People waiting for an approaching ferry with the San Francisco skyline in the background

Summer Cruising: Richmond Ferry Fest Offers Family-Friendly Fun

People waiting for an approaching ferry with the San Francisco skyline in the background

A ferry returns to dock as Ferry Fest attendees wait in line for a ride.

Story and photos by Jonathan Hale

On a clear, sunny Saturday at the Richmond Ferry Terminal, hundreds of people stood in line waiting to take a 25-minute tour of the San Francisco Bay. Nearby, in the parking lot, upbeat music played from speakers as people meandered between rows of activity booths, games and food trucks.

The occasion was the inaugural Richmond Ferry Fest and Richmond Promise 5k run. Ferry services were provided by the Water Emergency Transportation Authority. The 5k run was hosted by Richmond Promise, a local organization dedicated to helping low-income and first-generation students attend college. Organizations including Columbia Sportswear, Assemble Marketplace, Urban Remedy and the Craneway Pavilion also helped sponsor the events.

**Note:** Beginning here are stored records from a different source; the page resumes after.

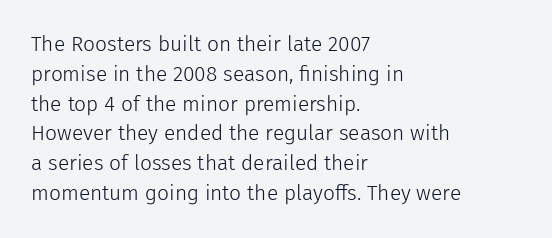
Q: Is the text bold? A: No.
Q: Is the text italic (slanted)? A: No, it is upright.
Q: Is the text underlined? A: No.
Q: How is the paragraph aligned? A: Left-aligned.
Q: Is the spacing between letters normal or unusually wide? A: Normal.
Q: Is the spacing between lines tight, normal or loose? A: Normal.
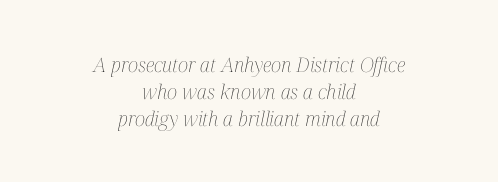
The image shows 20 px text type, italic (leaning right); set centered, normal line spacing (1.34x), normal letter spacing, not underlined.
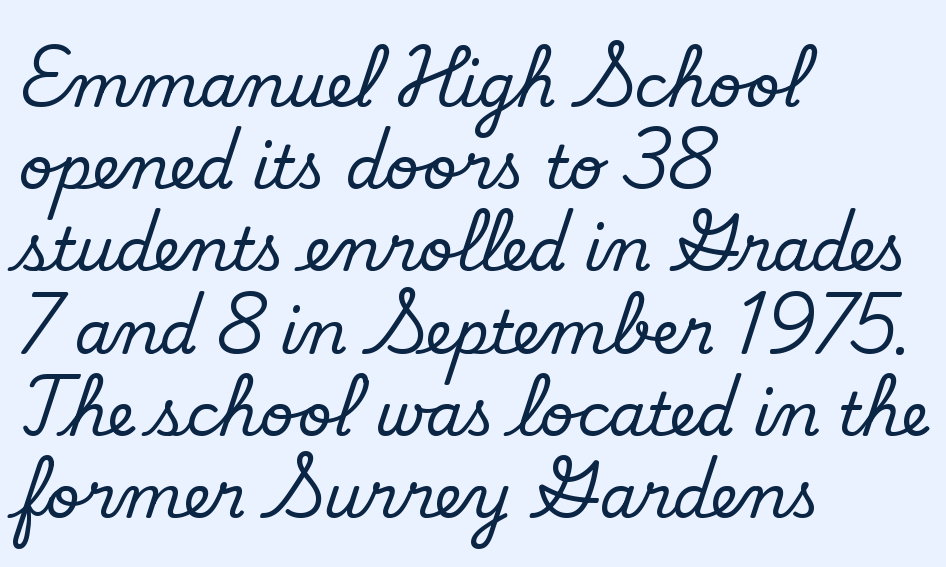
The image shows 60 px regular-weight sans-serif type; set left-aligned, normal line spacing (1.37x), normal letter spacing, not underlined; low stroke contrast and a small x-height.
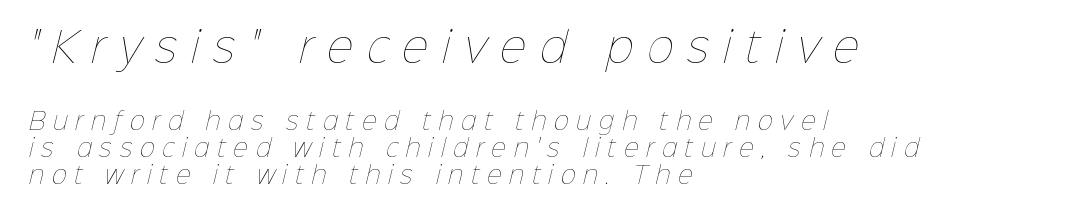
{"bold": "no", "weight": "thin", "width": "normal", "stroke_contrast": "low", "x_height": "medium", "monospaced": "no", "underline": "no", "align": "left", "line_spacing_ratio": 1.19, "letter_spacing": "wide", "letter_spacing_em": 0.34, "larger_block": "first", "size_ratio": 1.78, "glyph_px": 41}
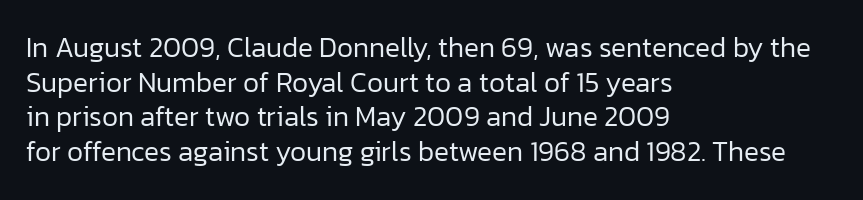
{"serif": "no", "italic": "no", "bold": "no", "weight": "regular", "width": "normal", "stroke_contrast": "low", "x_height": "medium", "monospaced": "no", "underline": "no", "align": "left", "line_spacing_ratio": 1.24, "letter_spacing": "normal", "letter_spacing_em": 0.0, "glyph_px": 28}
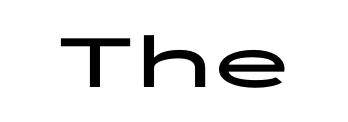
The tracking reads as untouched default to a designer's eye. Here the designer chose a console-style face with uniform glyph widths. You can tell from the bare stems that sans-serif type was used. Bold? Absolutely — the strokes are thick and heavy. Honestly, there is no underline to notice here at all.
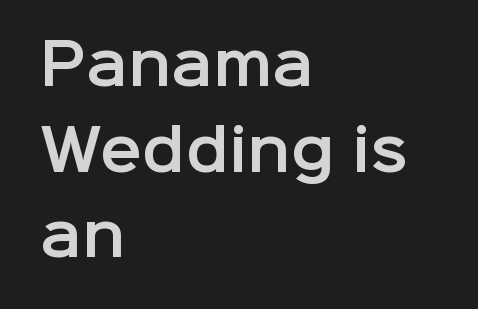
{"serif": "no", "italic": "no", "width": "normal", "stroke_contrast": "low", "x_height": "medium", "monospaced": "no", "underline": "no", "align": "left", "line_spacing": "normal", "line_spacing_ratio": 1.53, "letter_spacing": "normal", "letter_spacing_em": 0.0, "glyph_px": 56}
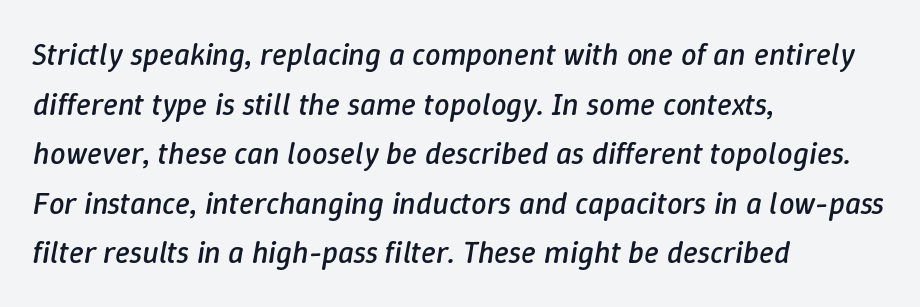
{"italic": "yes", "lean": "right", "slant_degrees": 9, "bold": "no", "weight": "regular", "width": "normal", "stroke_contrast": "low", "x_height": "medium", "monospaced": "no", "underline": "no", "align": "left", "line_spacing": "normal", "line_spacing_ratio": 1.6, "letter_spacing": "normal", "letter_spacing_em": 0.0, "glyph_px": 31}
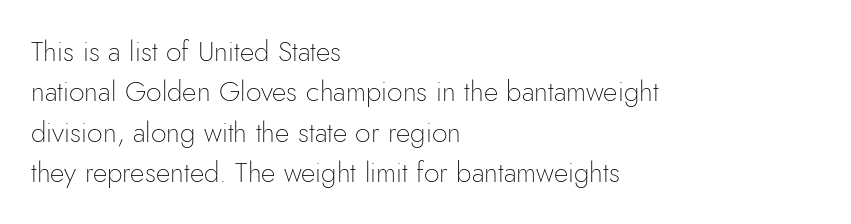
Q: Is the text bold? A: No.
Q: Is the text italic (slanted)? A: No, it is upright.
Q: Is the typeface a serif or a sans-serif typeface? A: Sans-serif.
Q: Is the text underlined? A: No.
Q: How is the paragraph aligned? A: Left-aligned.
Q: Is the spacing between letters normal or unusually wide? A: Normal.
Q: Is the spacing between lines tight, normal or loose? A: Normal.
Q: Width (condensed, normal, or wide)? A: Normal.
Q: Stroke contrast? A: Low.
Q: x-height? A: Small.
Q: Monospaced? A: No.
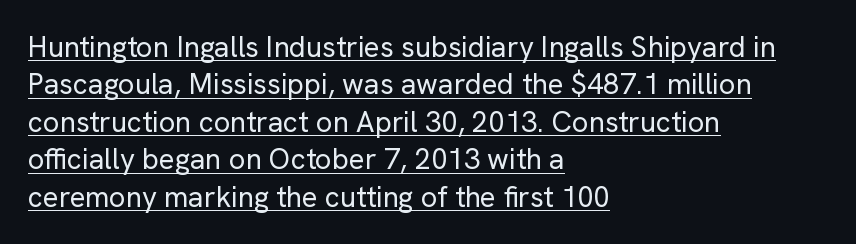
Ink coverage per letter is moderate at most. A typesetter would call this zero additional tracking. Check where the strokes stop: nothing finishes them off — pure sans. A student would call this left alignment; a typographer would say flush left, rag right. A roman cut, with each character standing at attention.
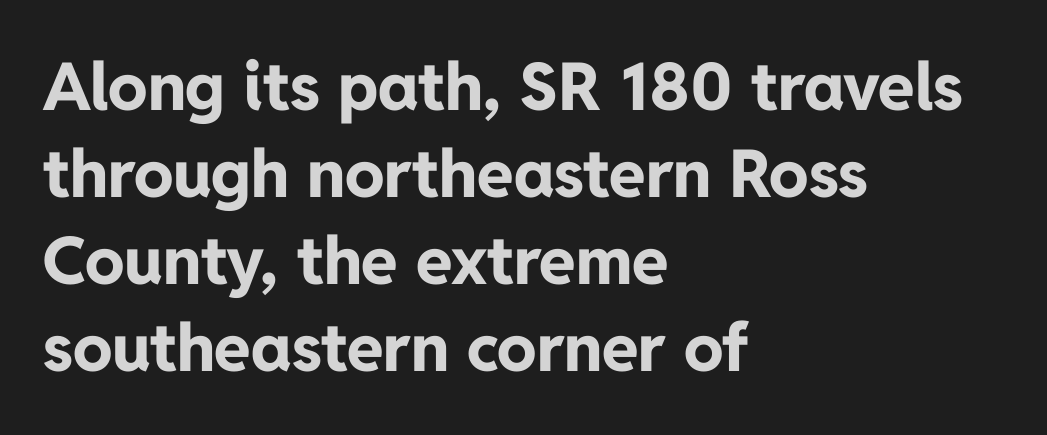
Honestly, the letter spacing is just normal — you wouldn't notice it. The lettering stays uniformly vertical, giving the passage a roman look. This block has exactly the height ordinary leading produces. The strokes are fattened all the way to bold. Unlike a traditional serif, this face leaves its strokes unadorned.
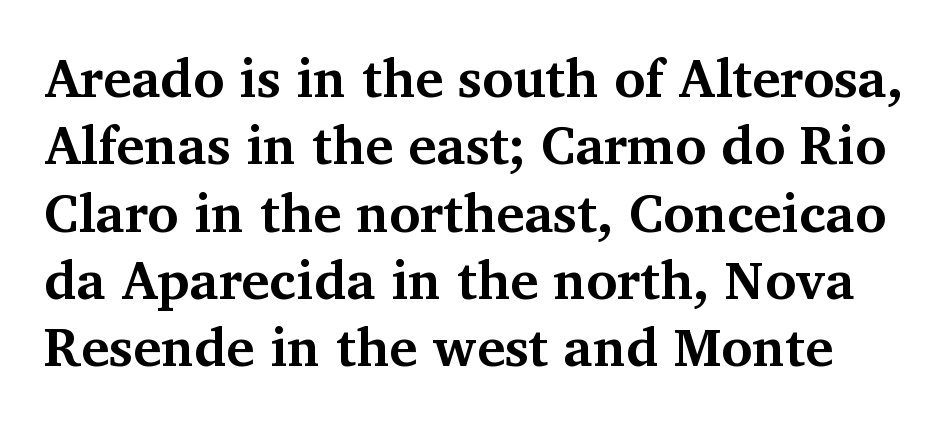
{"serif": "yes", "italic": "no", "bold": "yes", "weight": "bold", "width": "normal", "stroke_contrast": "medium", "x_height": "medium", "monospaced": "no", "underline": "no", "line_spacing": "normal", "line_spacing_ratio": 1.27, "letter_spacing": "normal", "letter_spacing_em": 0.0, "glyph_px": 53}
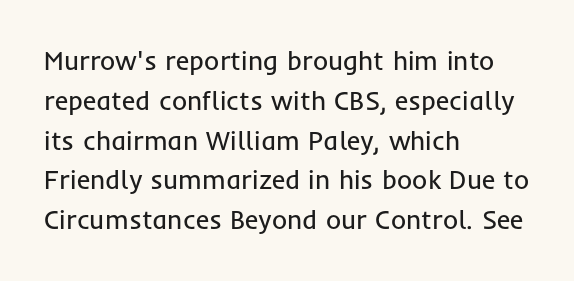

As the blue-and-white ferries circled the bay, festival attendees played Jenga with giant blocks, super-sized Connect 4 and cornhole. They ate tacos, sandwiches and pastries from local eateries. Artists, activists and businesses from throughout Richmond staffed booths and tables, offering pamphlets, snacks and stickers to passers-by. Runners finishing the Richmond Promise 5k, which began and ended at the Craneway Pavilion, trickled in throughout the morning. A persistent breeze blowing off the cool bay offered festival-goers some respite from the hot sun.


Later in the day, Bike East Bay, an organization that advocates for safe and accessible bicycling, hosted a “bike rodeo” safety class for children. Rich City Rides was also in attendance to promote two-wheel culture.


The Ferry Fest occurred as ferry ridership has started to recover from a significant loss due to COVID. Before the pandemic, the San Francisco Bay Ferry was the fastest-growing transit system in the Bay Area, according to spokesperson Thomas Hall. But as with most public transportation, ferry services took a hit as many commuters began to work from home. Ridership, which decreased 90% following COVID-induced lockdowns, has now reached over 70% of pre-pandemic levels.


During Ferry Fest, a long line of festival-goers waited patiently for the chance to see sweeping views of the San Francisco skyline from the water. More than 1,500 people attended the festival, with more than 1,200 boarding the ferries.